After all, “this is my Body… this is my Blood” is something that we’d dig in our heels about and insist that Jesus was speaking very literalistically!
Fair enough. I have been arguing above that it is a specifically modernist tendency that makes any of us today want to read back into sacred writings, like the old testament, some sort of bland historicity. (The modernist obsession with facts and evidence.) and such a tendency is very much out of step with the church fathers. From that same pontifical document on biblical interpretation we read,
Convinced that they are dealing with the Book of God and therefore with something of inexhaustible meaning, the fathers hold that any particular passage is open to any particular interpretation on an allegorical basis. But they also consider that others are free to offer something else, provided only that what is offered respects the analogy of faith.

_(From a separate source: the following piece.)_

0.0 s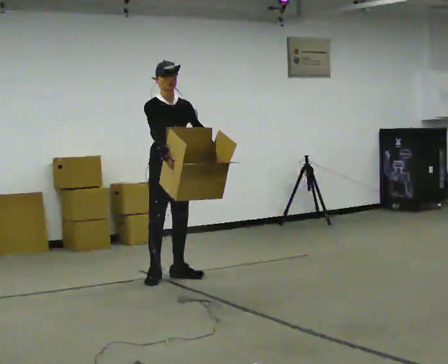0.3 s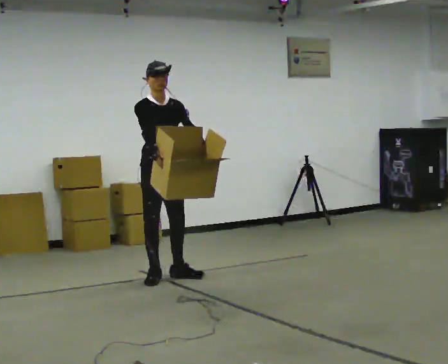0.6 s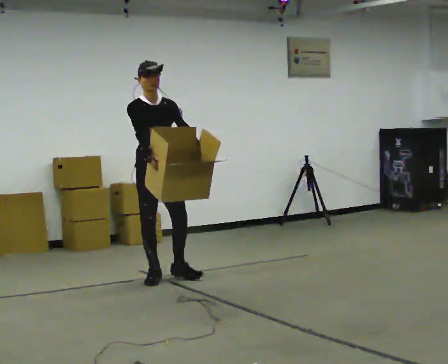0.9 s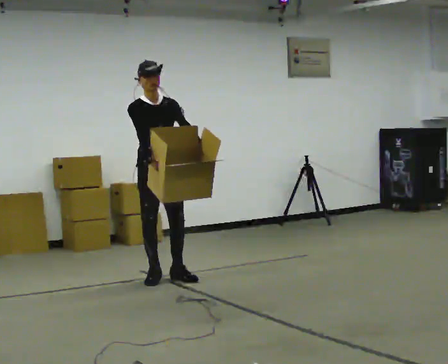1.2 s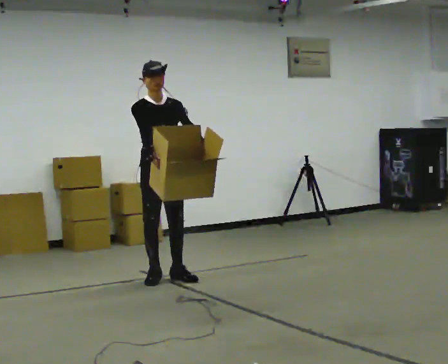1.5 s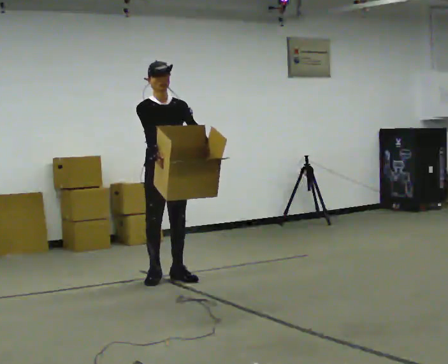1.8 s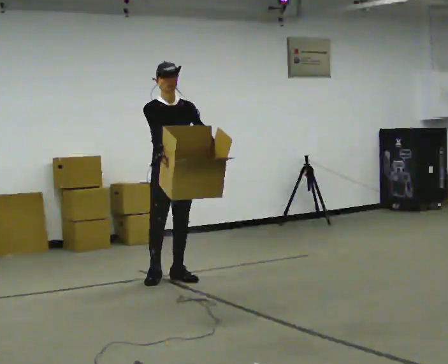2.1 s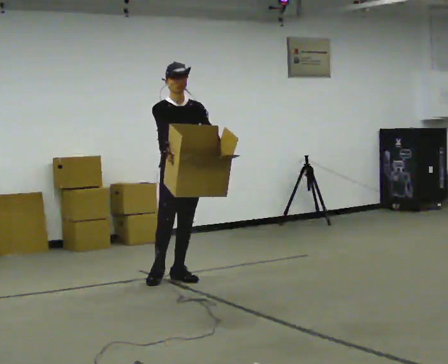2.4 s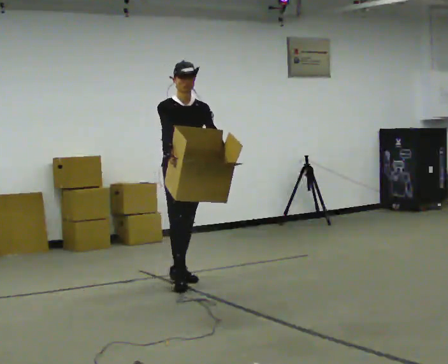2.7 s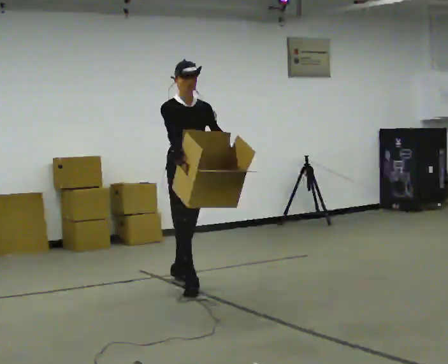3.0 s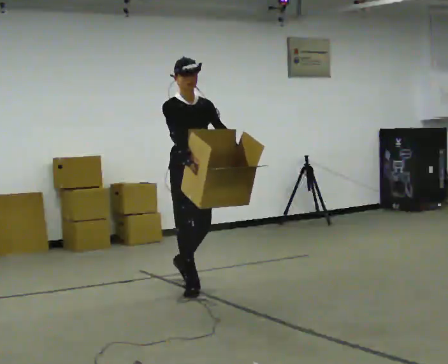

The allegorical interpretation of Scripture so characteristic of patristic exegesis runs the risk of being something of an embarrassment to people today. But the experience of the church expressed in this exegesis makes a contribution that is always useful (cf. Divino Afflante Spiritu, 31-32; Dei Verbum, 23). The fathers of the church teach to read the Bible theologically, within the heart of a living tradition, with an authentic Christian spirit.
I started reading the patristics in earnest 2-3 years ago, and I have found the above statements about them to be true. The way in which, for example, St Gregory of Nyssa reads the Exodus account bears almost no resemblance to any reading I have ever seen before (any contemporary interpretation). And I suspect that a large part of why the fathers read the Old Testament this way was that they were keyed in on the fact that it is sacred writing, in no way attempting to be something like Greco-Roman historical texts. Moses ain’t Plutarch. And Isaiah ain’t Herodotus. Know what I mean? If a person is reading the OT as facile history, then she’s massively out of step with the patristics and “doing it wrong.”
So… it’s not that we cannot “be rigidly literal with regard to Scriptures”
That rather depends on what one means by “literal.” We today often carry the same
Meaning as “literalistic” when we say literal. But Aquinas, for example, when he notes that the scriptures refer to God’s arm, says that the “literal” meaning of God’s arm is His operative power. Which is a rather metaphorical usage of the term “literal.”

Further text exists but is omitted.